Index-based query processing on distributed multidimensional data
Tsatsanifos, George, Dimitris Sacharidis, and Timos Sellis. “Index-Based Query Processing on Distributed Multidimensional Data.” GeoInformatica 17, no. 3 (July 2013): 489–519. https://doi.org/10.1007/s10707-012-0163-x.
The reason this paper makes the list is because I have been working on an implementation, but have never managed to apply it in practice. At the time I stumbled upon this paper I had to deal with a data store which grew too quickly. Tired of having to manage this storage infrastructure I wanted to find a way where I could:
- Dynamically add and remove nodes from a cluster based on performance demands
- Have the ability to run a data store with only a subset of all available data loaded into memory
The fascinating thing is that this paper provides a solution for these problems through the use of a distributed k-d tree storing the data in its leaves, rather than in the tree structure itself. One main shortcoming emerged over the years, and that is that it is rather difficult or outright impossible - depending on data size - to update the dimensions on which the k-d tree is split up. This immutability is a severe design constraint, limiting the possible applications of this idea.

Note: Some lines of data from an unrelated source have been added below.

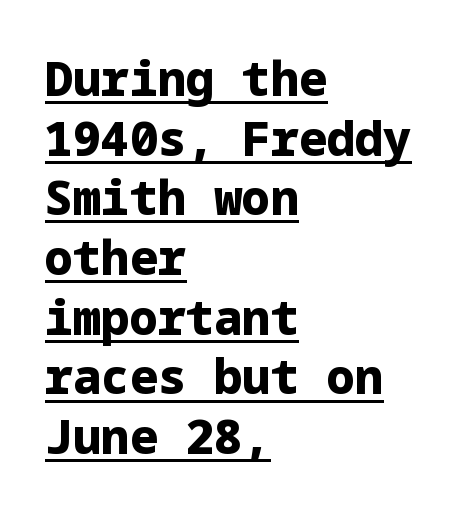
Q: Is the text bold? A: Yes.
Q: Is the text italic (slanted)? A: No, it is upright.
Q: Is the typeface a serif or a sans-serif typeface? A: Sans-serif.
Q: Is the text underlined? A: Yes.
Q: How is the paragraph aligned? A: Left-aligned.
Q: Is the spacing between letters normal or unusually wide? A: Normal.
Q: Is the spacing between lines tight, normal or loose? A: Normal.
Q: Width (condensed, normal, or wide)? A: Normal.
Q: Stroke contrast? A: Low.
Q: x-height? A: Medium.
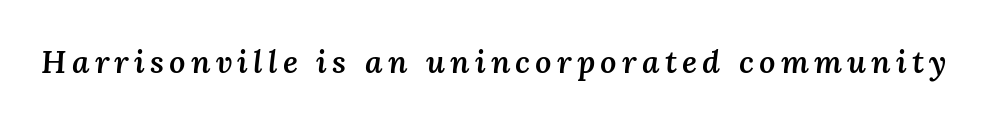
Underline: absent. An italicized treatment has been applied to the whole sample. Heft: intermediate — a semibold. This sample has the flowing, uneven cadence of proportional lettering.
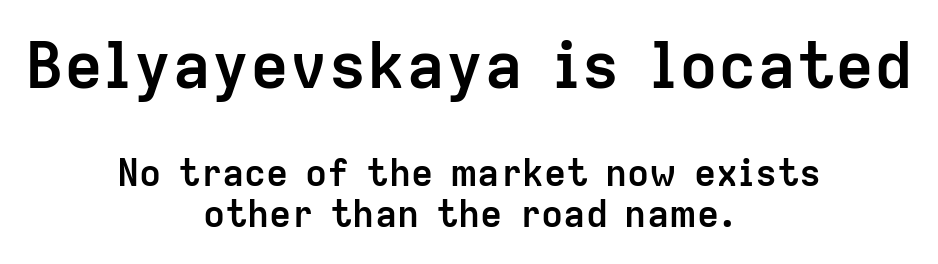
These lines stack symmetrically, like a column narrowing and widening about its center. The block of text is dense from top to bottom, with scant space between rows. Bigger letters appear in the top chunk; the bottom chunk is reduced. The face used here is proportionally spaced, like ordinary book or web type.
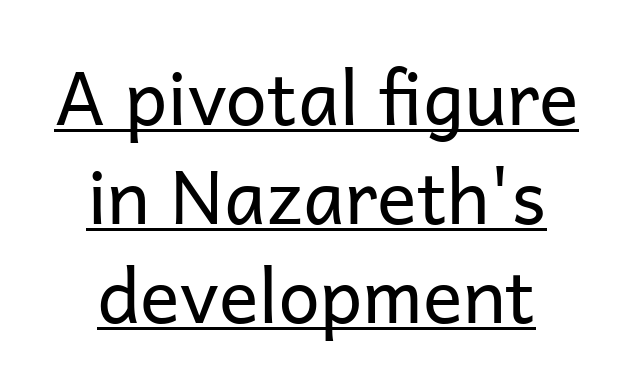
In terms of leading, this rendering sits right in the middle. Somebody hit Ctrl+U on this one — the words are underlined. This sample uses plain, unmodified letter spacing. Vertical strokes here are truly vertical.
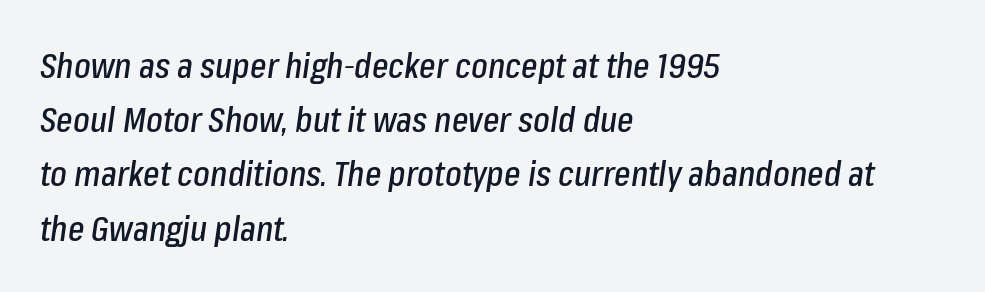
The image shows 35 px condensed type, italic (leaning right); set left-aligned, normal line spacing (1.55x), normal letter spacing, not underlined; low stroke contrast and a medium x-height.
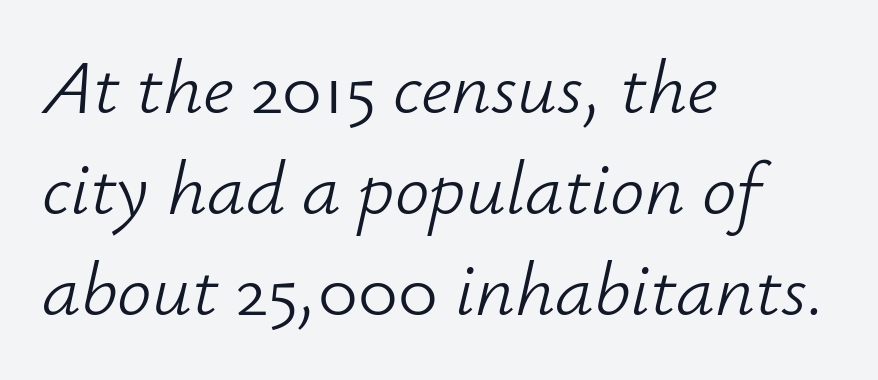
The image shows 77 px light type, italic (leaning right); set left-aligned, normal line spacing (1.31x), normal letter spacing, not underlined; low stroke contrast and a small x-height.
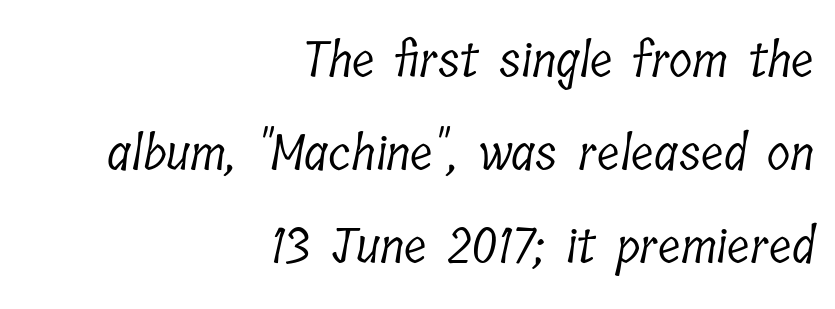
The image shows 48 px light, condensed serif type; set right-aligned, loose line spacing (1.94x), normal letter spacing, not underlined; low stroke contrast and a medium x-height.
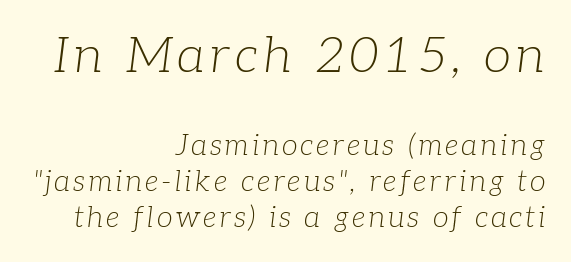
{"serif": "yes", "italic": "yes", "lean": "right", "slant_degrees": 7, "bold": "no", "weight": "light", "width": "normal", "stroke_contrast": "low", "x_height": "medium", "monospaced": "no", "underline": "no", "align": "right", "line_spacing_ratio": 1.24, "larger_block": "first", "size_ratio": 1.72, "glyph_px": 50}
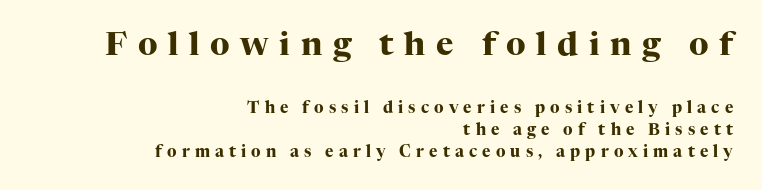
{"serif": "yes", "italic": "no", "bold": "yes", "weight": "heavy", "width": "normal", "stroke_contrast": "high", "x_height": "medium", "monospaced": "no", "underline": "no", "align": "right", "line_spacing": "normal", "line_spacing_ratio": 1.36, "letter_spacing": "wide", "letter_spacing_em": 0.32, "larger_block": "first", "size_ratio": 2.06, "glyph_px": 33}
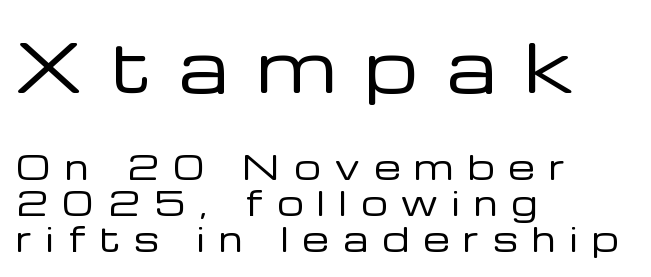
Q: Is the text bold? A: No.
Q: Is the text italic (slanted)? A: No, it is upright.
Q: Is the typeface a serif or a sans-serif typeface? A: Sans-serif.
Q: Is the text underlined? A: No.
Q: How is the paragraph aligned? A: Left-aligned.
Q: Is the spacing between letters normal or unusually wide? A: Unusually wide.
Q: Is the spacing between lines tight, normal or loose? A: Tight.
Q: Which block of text is set in a larger size, the first (top) or the second (bottom)? A: The first (top) one.
Q: Width (condensed, normal, or wide)? A: Normal.
Q: Stroke contrast? A: Low.
Q: x-height? A: Medium.
Q: Monospaced? A: No.
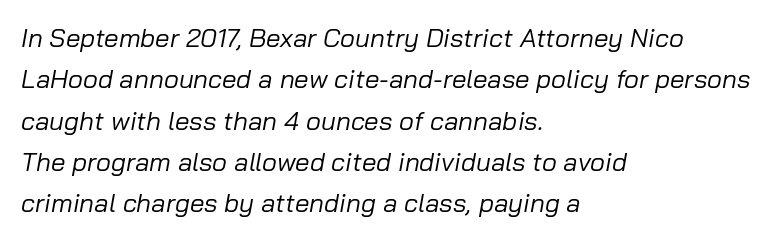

One area where this idea can potentially be applied is in the scope of distributed graph databases. This is one area I see myself potentially venturing out into some time in the future.
Personally I generally refer to this data structure as “MIDAS”; in reference to the first paper that had been published about this structure back in 2011. It had been an acronym for “Multi-attribute Indexing for Distributed Architecture Systems”. Although not too much changed between 2011 and 2013, the 2013 article had been easier to read, which is why I’m referring to that one instead.